### PROBLEM TO WORK ON
For this exercise, repeat the records below exactly and omit every picture.

╭─ RECORDS SHOWN

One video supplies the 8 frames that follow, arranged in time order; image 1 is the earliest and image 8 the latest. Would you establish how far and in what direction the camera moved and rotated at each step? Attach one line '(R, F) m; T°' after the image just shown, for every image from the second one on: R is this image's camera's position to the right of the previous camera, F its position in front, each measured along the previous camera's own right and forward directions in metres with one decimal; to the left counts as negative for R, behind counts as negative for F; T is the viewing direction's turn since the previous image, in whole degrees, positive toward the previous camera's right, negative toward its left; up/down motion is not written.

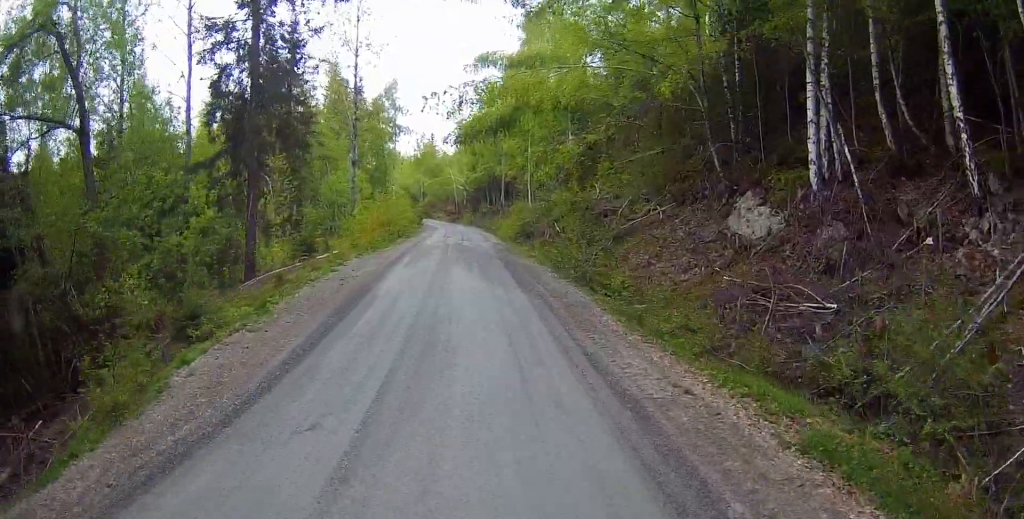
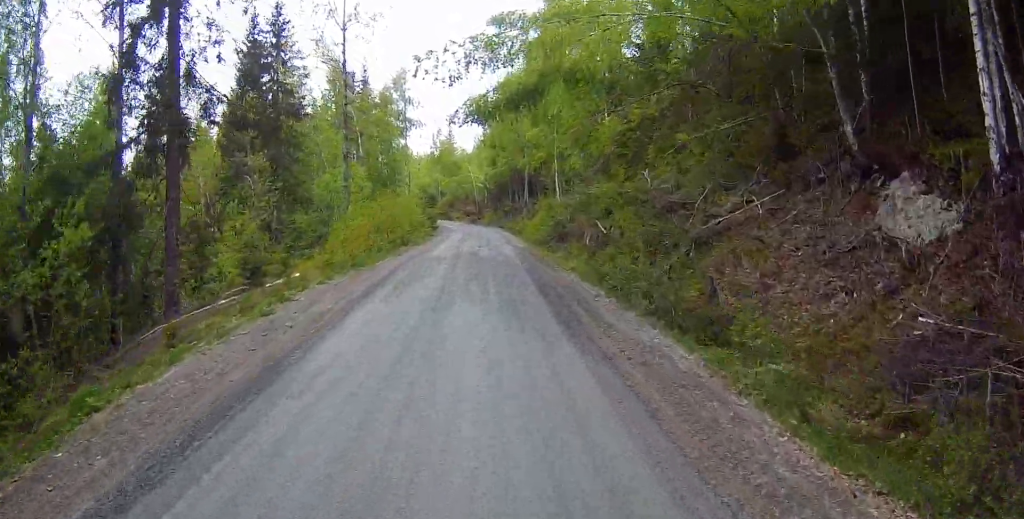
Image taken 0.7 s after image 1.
(-0.3, +7.0) m; -1°
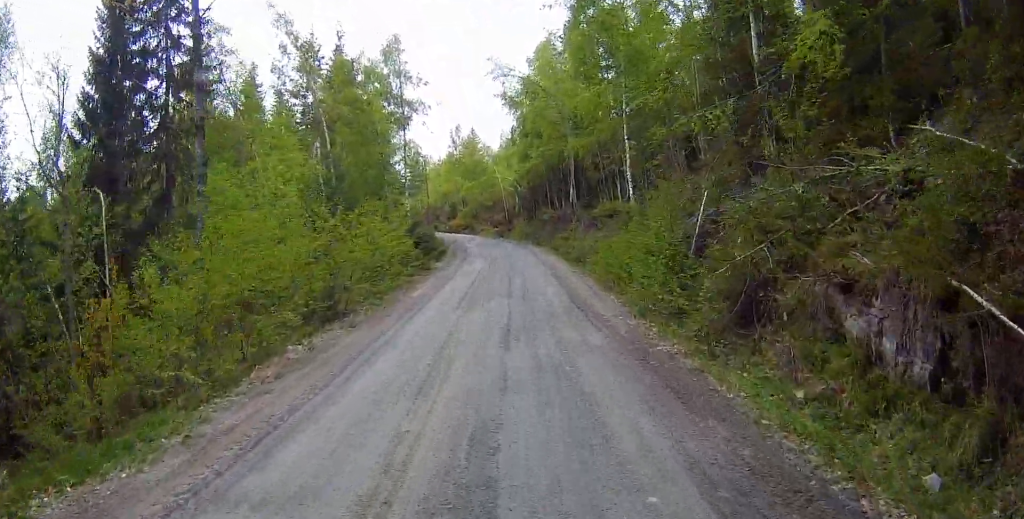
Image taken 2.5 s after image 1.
(-0.4, +18.7) m; -3°
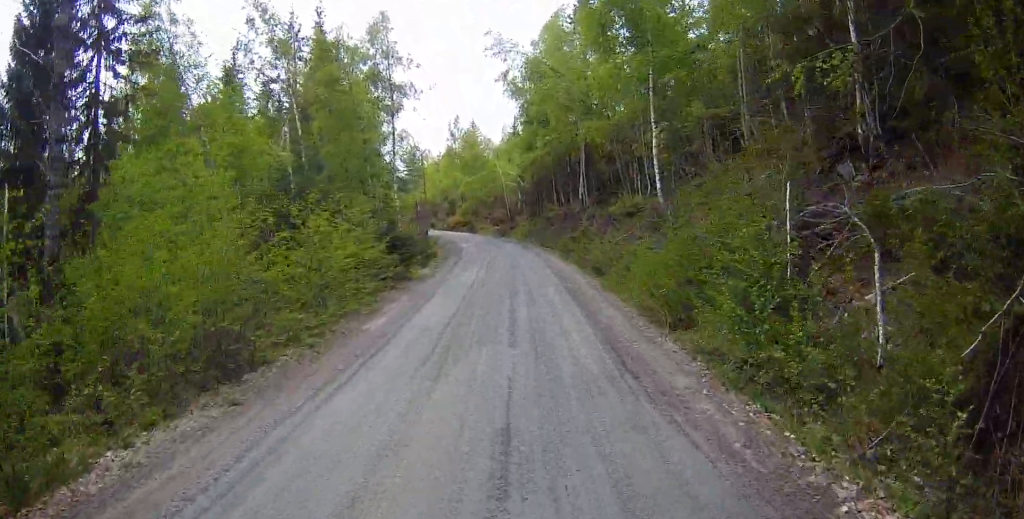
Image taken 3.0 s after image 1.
(-0.1, +5.6) m; -1°
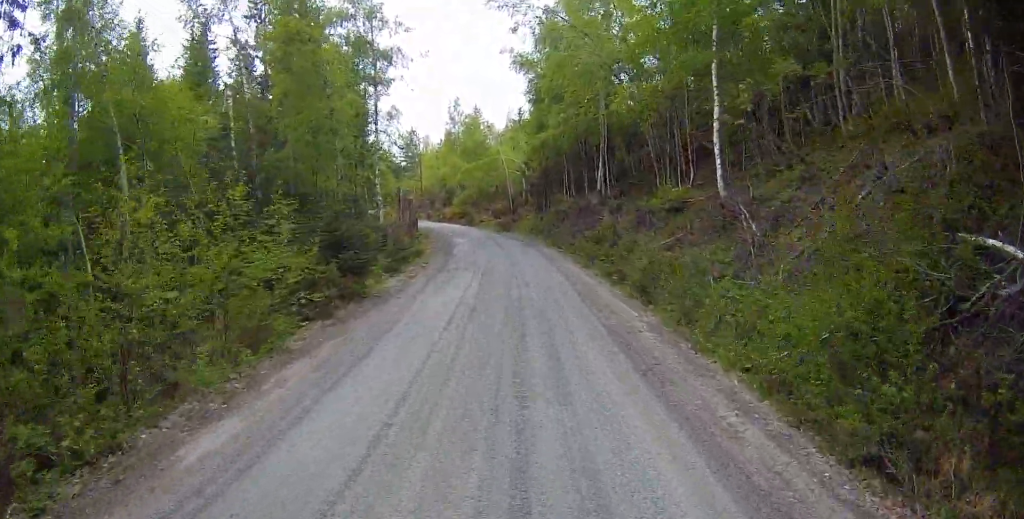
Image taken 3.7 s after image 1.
(0.0, +7.4) m; +1°
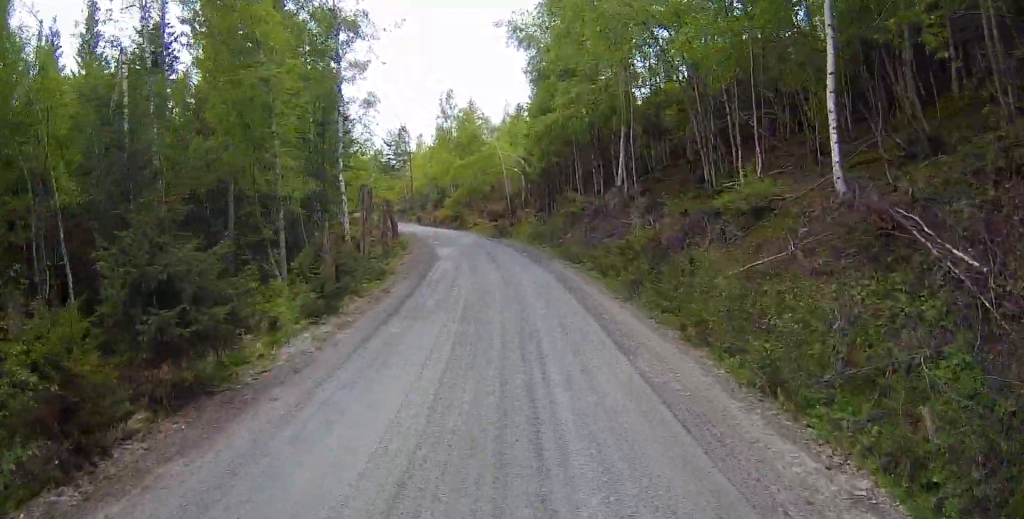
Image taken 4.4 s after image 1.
(+0.1, +7.6) m; +2°
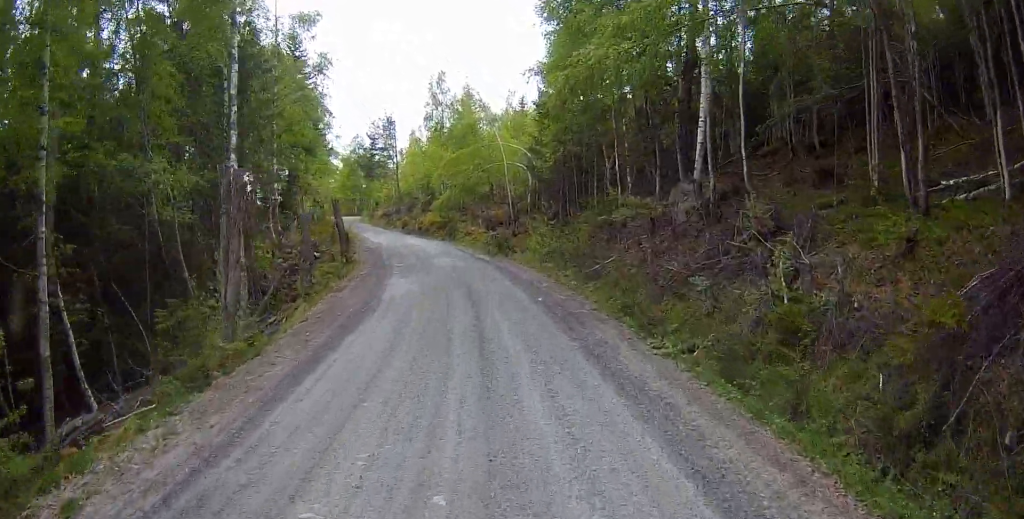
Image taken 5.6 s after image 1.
(+0.3, +12.1) m; +1°
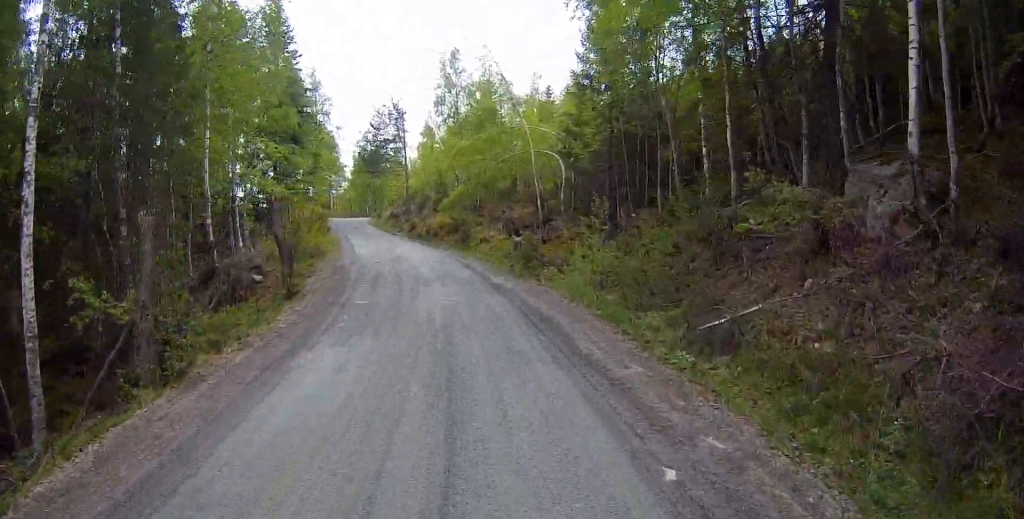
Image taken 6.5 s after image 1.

╰─

### RESULT OF THIS TASK
One video supplies the 8 frames that follow, arranged in time order; image 1 is the earliest and image 8 the latest. Would you establish how far and in what direction the camera moved and rotated at each step? Attach one line '(R, F) m; T°' after the image just shown, for every image from the second one on: R is this image's camera's position to the right of the previous camera, F its position in front, each measured along the previous camera's own right and forward directions in metres with one decimal; to the left counts as negative for R, behind counts as negative for F; T is the viewing direction's turn since the previous image, in whole degrees, positive toward the previous camera's right, negative toward its left; up/down motion is not written.

Image taken 0.7 s after image 1.
(-0.3, +7.0) m; -1°
Image taken 2.5 s after image 1.
(-0.4, +18.7) m; -3°
Image taken 3.0 s after image 1.
(-0.1, +5.6) m; -1°
Image taken 3.7 s after image 1.
(0.0, +7.4) m; +1°
Image taken 4.4 s after image 1.
(+0.1, +7.6) m; +2°
Image taken 5.6 s after image 1.
(+0.3, +12.1) m; +1°
Image taken 6.5 s after image 1.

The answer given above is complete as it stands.